# Conexion Motor Paso a Paso con SAA1027



## quacua (Abr 15, 2008)

Muy buenas me he hecho con el SAA1027 para controlar un motor paso a paso unipolar, hasta aqui ningún problema, ha funcionado a la perfección a partir de una señal osciladora que me creara el 555 me generara un tren de pulsos electricos para determinar la velocidad de giro del motor, pues bien. Ahora viene la pregunta, en el datasheet que proporciona el SAA1027 me indica la conexión para un motor unipolar es decir de 5 o 6 hilos, ahora bien yo podria conectar un motor bipolar de 4 hilos? a ver ya lo he provado y no funciona pero antes de hacer cosas así a lo tonto me gustaria si alguien supiera del tema que me indicara si es posible o no.
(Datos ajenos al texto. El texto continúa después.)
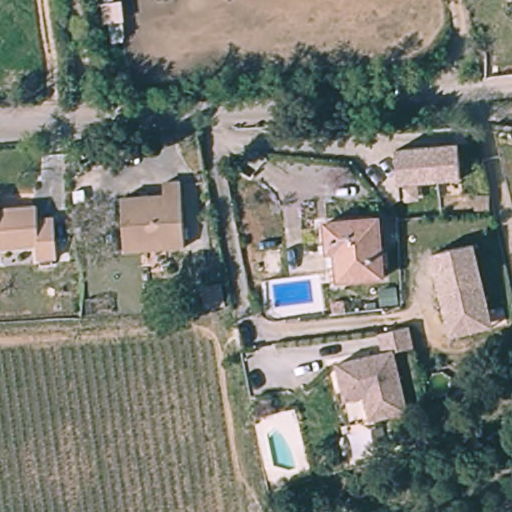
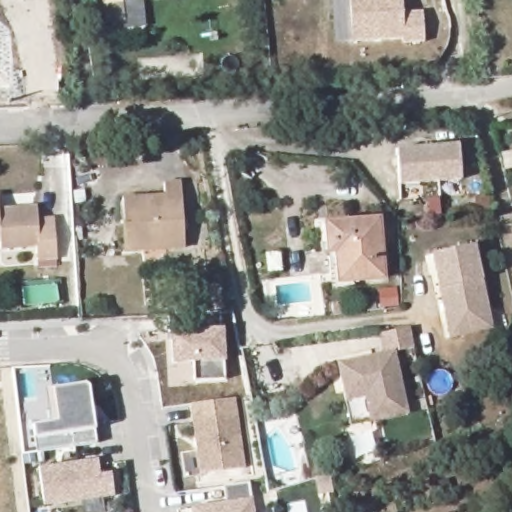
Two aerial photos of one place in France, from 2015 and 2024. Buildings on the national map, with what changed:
new [(420,10),(417,40),(400,40),(400,36),(349,38),(348,0),(400,0),(400,10),(420,10)]
unchanged [(123,1),(125,24),(102,25),(100,4),(123,1)]
unchanged [(462,177),(404,184),(401,148),(460,142),(462,177)]
unchanged [(183,247),(125,254),(120,198),(163,192),(162,180),(177,179),(183,247)]
unchanged [(40,219),(55,218),(58,258),(43,260),(42,247),(0,252),(0,209),(38,205),(40,219)]
unchanged [(335,255),(329,255),(327,225),(333,225),(380,221),(383,257),(335,260),(335,255)]
unchanged [(455,340),(451,326),(437,256),(478,247),(493,317),(497,331),(455,340)]
unchanged [(383,257),(385,277),(335,281),(335,260),(383,257)]
new [(193,363),(172,365),(169,331),(168,314),(220,312),(224,328),(225,361),(225,378),(195,380),(193,363)]
unchanged [(405,332),(410,353),(388,356),(396,418),(358,422),(355,398),(335,400),(330,362),(377,356),(375,336),(405,332)]
new [(50,422),(45,389),(85,383),(89,387),(97,430),(99,444),(37,453),(35,439),(32,425),(50,422)]
new [(236,398),(247,468),(200,475),(200,470),(197,470),(194,452),(198,452),(190,405),(236,398)]
new [(97,456),(99,471),(110,470),(114,493),(82,497),(43,504),(37,465),(97,456)]
new [(225,500),(222,482),(248,479),(253,512),(192,512),(190,505),(225,500)]

Gracies companys!

Os proporciono Datasheet:

http://www.datasheetcatalog.net/es/datasheets_pdf/S/A/A/1/SAA1027.shtml

Otra cosilla el motor paso a paso bipolar que tengo es el de la impresora EPSON concretamente el EM-257, que ya algunos de vosotros ya ha trabajado con él y ya tiene experiencia no como un servidor que no sabe como conectarlo en el SAA1027, porque si no se puede conectar menuda caca, ya que el driver este vale unos 30 euros Si si si y con descuento y todo, se ve que no lo hacen ya y los pocos que tienen te los hacen pagar bien a gusto. Pues eso companys  
a ver si me podeis exar un cable con la duda

Salutacion!


----------



## quacua (Abr 18, 2008)

Me canse de hacer provaturas i inventos del tebeo y he conseguido el SAA1042 es de la misma casa que el SAA1027 la diferencia es que el SAA1042 solo gobierna motores paso a paso bipolares y el SAA1027 motores paso a paso unipolares. Para aquellos que esteis interesados el SAA1042 oscila entorno a los 5 euros comparado con los 30 euros del SAA1027 en los datasheets teneis las conexiones para conectar dicho motor.

Saludos


----------



## yanis_241088 (Jun 3, 2008)

hola yo soy de ecuador necesito igual la controlador para un motor bipolar epson -257 podrias explicar como funciona el circuito y como identificar los cables del motor

gracias


----------



## Fogonazo (Jun 3, 2008)

En lo motores bipolares tienes 2 bobinas, estas tienen una entrada (L1) y una salida (L2), con el multimetro identificas que salida corresponde a que entrada y las conectas al integrado como esta en el esquema


http://pdf1.alldatasheet.co.kr/datasheet-pdf/view/5627/MOTOROLA/SAA1042.html


----------